Pular para o conteúdo principal

Uma noite (de terror) em Paris - III



      O grupo terrorista VAR-Palmares detonou um carro-bomba no Quartel General do II Exército, no Ibirapuera, matando um dos soldados que estavam de sentinela, Mário Kozel Filho; por conta disso, foram os soldados da 1ª Companhia do 1° Batalhão de Carros de Combate Leves, localizado em Campinas, convocados para ir a São Paulo, pois as autoridades militares acreditavam que outros ataques seriam perpetrados.
      Colegas de farda foram me buscar em casa de madrugada para me levar ao quartel a fim de receber as ordens. Na noite da véspera, eu tinha ido com alguns amigos a uma festa junina e no caminho presenciamos um acidente de trânsito: na rua atrás do Liceu Nossa Senhora Auxiliadora, uma Kombi invadiu a contramão e abalroou uma lambreta, atingindo a perna do carona. Foram os dois ao chão e a perna do carona dobrou-se para trás como em um desenho animado. Ele urrava de dor. Tocamos a campainha de uma casa ali próxima e pedimos ao dono que chamasse a polícia e o socorro (este se chamava SAMDU) e continuamos nosso caminho em direção à casa em que seria a festa, próxima dali. Estávamos todos a pé.
      Quando meu pai me acordou na madrugada, dizendo “que um pessoal do exército” estava me procurando, inocentemente pensei que o motivo era para que eu prestasse depoimento sobre o acidente que presenciara: mal sabia, como soube anos depois ao me tornar advogado, que a demora é de meses, quiçá anos, para que uma pessoa testemunha seja chamada a depor. Ademais, não me ocorreu em que era na hora em que era acordado, eu não tinha dado o meu nome a ninguém como testemunha.
      Chegando ao quartel, fardados, fomos postos em forma – o dia estava alvorecendo – e nos foi explicado pelo comandante o que ocorrera – o atentado – e que nos dirigiríamos a São Paulo, pois se acreditava que outros aconteceriam. Os carros de combate seriam transportados pelo auto trem, uma invenção da época para transportar caminhões. Embarcados os carros, fomos para São Paulo, chegando no fim da tarde, parando na estação da Lapa, e ficamos aguardando ordem para desembarcar.
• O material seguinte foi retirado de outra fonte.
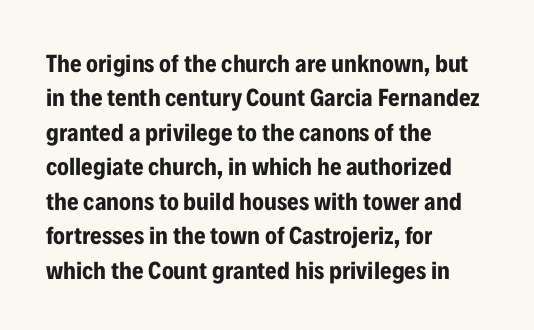
The image shows 25 px bold type, upright; set left-aligned, normal line spacing (1.38x), normal letter spacing, not underlined.

A ordem não veio naquele dia e pernoitamos nos carros ou num dos vagões de passageiros que compunham o comboio.
      A ordem de desembarque não veio porque não houve mais ataque e enquanto esperávamos não pudemos tomar banho, nem trocar de roupa (cada qual levou quando muito uma “muda” de roupa), dormindo sentados no carro de combate ou num dos vagões. Neste ponto, parecia que estávamos numa guerra. Depois de três dias fomos autorizados a retornar a Campinas, mas na estação ferroviária – ainda era Companhia Paulista de Estrada de Ferro – também não pudemos desembarcar, pois o estado de prontidão perdurava. Mais uma noite mal dormida. Ocorreu um quase incidente: vimos uma pessoa passando furtivamente sobre os trilhos e, cada qual de nós (éramos três) armados com uma metralhadora Ina .45, que era a arma regulamentar dos componentes da guarnição do carro de combate, saímos em sua perseguição. Logrando alcança-lo, vimos que se tratava apenas de uma pessoa que “cortava caminho” pelos trilhos da ferrovia. Nada de terrorismo.
      Foi uma experiência intensa, embora na época eu tivesse 19 anos, idade em que parece não existir perigo: todas aquelas horas de tensão foram encaradas dentro da mais total normalidade. Mas hoje me preocupa o seguinte: e se eu tivesse matado alguém, ainda que culposamente? Ou seja: a minha arma disparando sem querer e atingindo alguém, matando-o? Ou dolosamente? Conseguiria conviver com isso?
      Talvez intensamente por este motivo é que em Paris, já bem longe dos 19 anos de idade, é que os covardes ataques, embora tenham ceifado 130 vidas, não provocaram temor em mim.
      A propósito: espero em breve retornar à “cidade-luz”.

Comentários

Postagens mais visitadas deste blog

A memória

A BBC publicou tempos atrás um interessante artigo cujo título é o seguinte: “O que aconteceria se pudéssemos lembrar de tudo” e “lembrar de tudo” diz com a memória. Este tema – a memória- desde sempre foi – e continua sendo – objeto de incontáveis abordagens e continua sendo fascinante. O artigo, como não poderia deixar de ser, cita um conto daquele que foi o maior contista de todos os tempos, o argentino Jorge Luis Borges, denominado “Funes, o memorioso”, escrito em 1942. Esse escritor, sempre lembrado como um dos injustiçados pela academia sueca por não tê-lo agraciado com um Prêmio Nobel e Literatura, era, ele mesmo, dotado de uma memória prodigiosa, tendo aprendido línguas estrangeiras ainda na infância. Voltando memorioso Funes, cujo primeiro nome era Irineo, ele sofreu uma queda de um cavalo e ficou tetraplégico, mas a perda dos movimentos dos membros fez com que a sua memória se abrisse e ele passasse a se lembrar de tudo quanto tivesse visto, ou mesmo (suponho) imaginado...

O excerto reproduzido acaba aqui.